As it turns out, manual labor means lifting heavy sandbags. Each one must weigh about twenty pounds, and we’re supposed to carry them across the room until the Sisters decide we’ve had enough. There is no point to this “exercise” beyond tiring our physical bodies; it’s as if they want to exhaust the gay out of us, tire us into submission.

I pick up the first sandbag, trying not to outwardly show the pain of its weight in my arms, and walk as proudly as I can manage to the other side of the room. I’ve grown a good amount of muscle from being on the Vixens back home, but this is still exhausting. I don’t want the Sisters to see the sweat on my face or the way my arms shake. I don’t want them to think they’re winning.

When I move all of mine to the left side of the room, I look at the Sister—a stout, short woman whose name I don’t remember—in hopes that she’ll allow me to lie down, maybe grab some water. Instead, she says, “You were supposed to move them to the right side, Cheryl.”

“What? No, you said—”

“If you want to get better, Cheryl, you’re going to need to learn to _listen._ ”

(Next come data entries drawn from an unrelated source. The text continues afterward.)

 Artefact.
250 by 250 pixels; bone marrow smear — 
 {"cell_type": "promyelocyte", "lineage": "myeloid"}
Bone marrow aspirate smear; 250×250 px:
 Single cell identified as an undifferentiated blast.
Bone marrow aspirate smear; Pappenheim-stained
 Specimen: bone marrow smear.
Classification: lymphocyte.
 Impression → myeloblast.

I start the long and terrible task of carrying the sandbags back across the room. The others are watching me silently now. My arms ache so badly I think they’re in danger of splitting open, but I don’t allow myself to grimace, scared that the Sisters will see my pain and exploit it for weakness.

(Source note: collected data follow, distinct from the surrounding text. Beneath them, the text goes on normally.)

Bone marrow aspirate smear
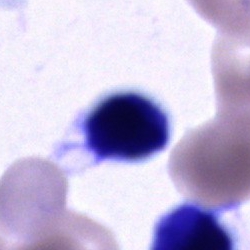Cell of indeterminate lineage.
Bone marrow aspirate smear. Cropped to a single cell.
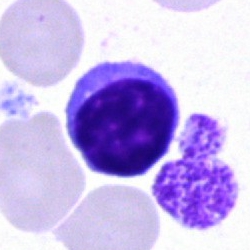Showing a lymphocyte.
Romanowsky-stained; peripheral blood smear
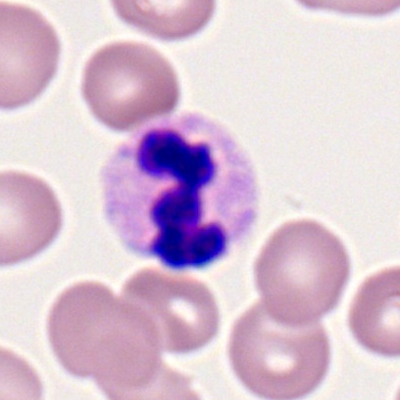
{"cell_type": "polymorphonuclear neutrophil", "lineage": "myeloid"}
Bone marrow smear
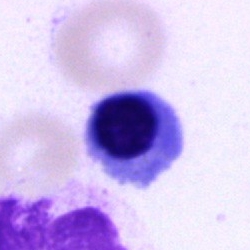
Morphology → nucleated red cell.
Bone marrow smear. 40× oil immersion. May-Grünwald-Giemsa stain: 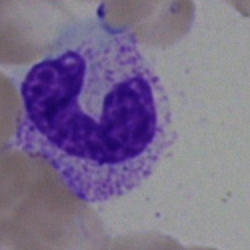
The cell shown is a polymorphonuclear neutrophil.
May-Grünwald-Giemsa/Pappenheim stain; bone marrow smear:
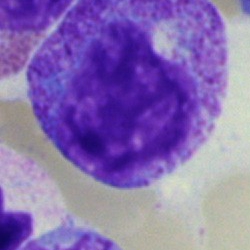Showing a progranulocyte.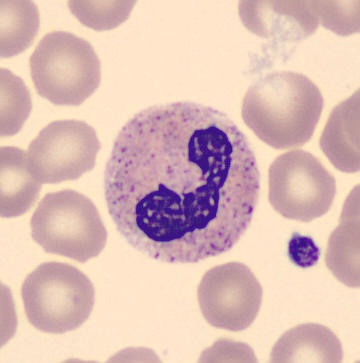

Peripheral blood film, single cell — segmented neutrophil.
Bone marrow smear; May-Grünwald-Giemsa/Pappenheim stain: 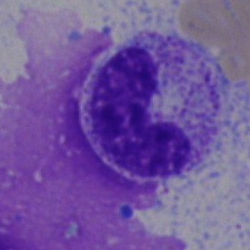Cell type: stab cell.
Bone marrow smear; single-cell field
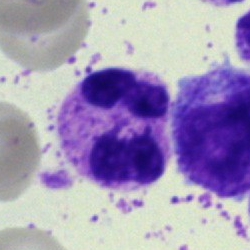
Classification — segmented neutrophil.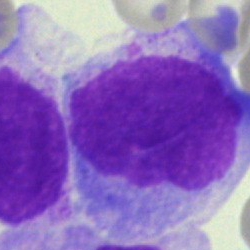 Q: What cell is this?
A: Blast cell.

By the time I’m picking up my last sandbag, I think my moving will never end, that I’ll die with my arms splintered by my sides and that even in my death I’ll be carrying the weight of the sand. I take one step, and then another, and I keep going until I make it to the other side of the room, where my vision dissolves into nothing.

Before I wake up, I see Josie’s face and forget where I am for a few moments. I think it’s a normal morning, one of the ones we had after sleepovers when she could still look at me and see a friend, somebody she could love. She’s sitting at the edge of my four-poster bed with two mugs of steaming coffee. She reaches out to hand me the coffee, but her hands can’t reach me because I am moving backwards, away from her. I try to pull myself forward, but the more I exert myself the more that I sink into nothingness.

I wake up gasping, like I always do when I have too-vivid dreams. I can’t remember what happened, only that I fell, and I think I hit my head. I remember the Sister’s arms around my shoulders, pulling me up. Somebody in nurses’ scrubs carrying me. Then nothing.

Then someone is there, sitting next to me, and they’re asking me if I’m okay.

Toni, I remember. “Hey.”

“Hi.” I answer. My throat feels scratchy and hoarse. I look around the room to try and see if I can find water but freak myself out when I realize I’m not in my room at all, but on a cot in a room that looks like a jail cell.

“Easy there.” Toni reaches forward as if she’s going to touch my face but thinks better of it and places her hand on my bed instead, “You gave everyone a good scare. Don’t do that again.”

I scoff, “Yeah, I’ll try not to over-exert myself the next time nuns yell at me to do so.”

Toni laughs, a breathy, easy sound, “You’ve got spunk, I see. I’m Toni.”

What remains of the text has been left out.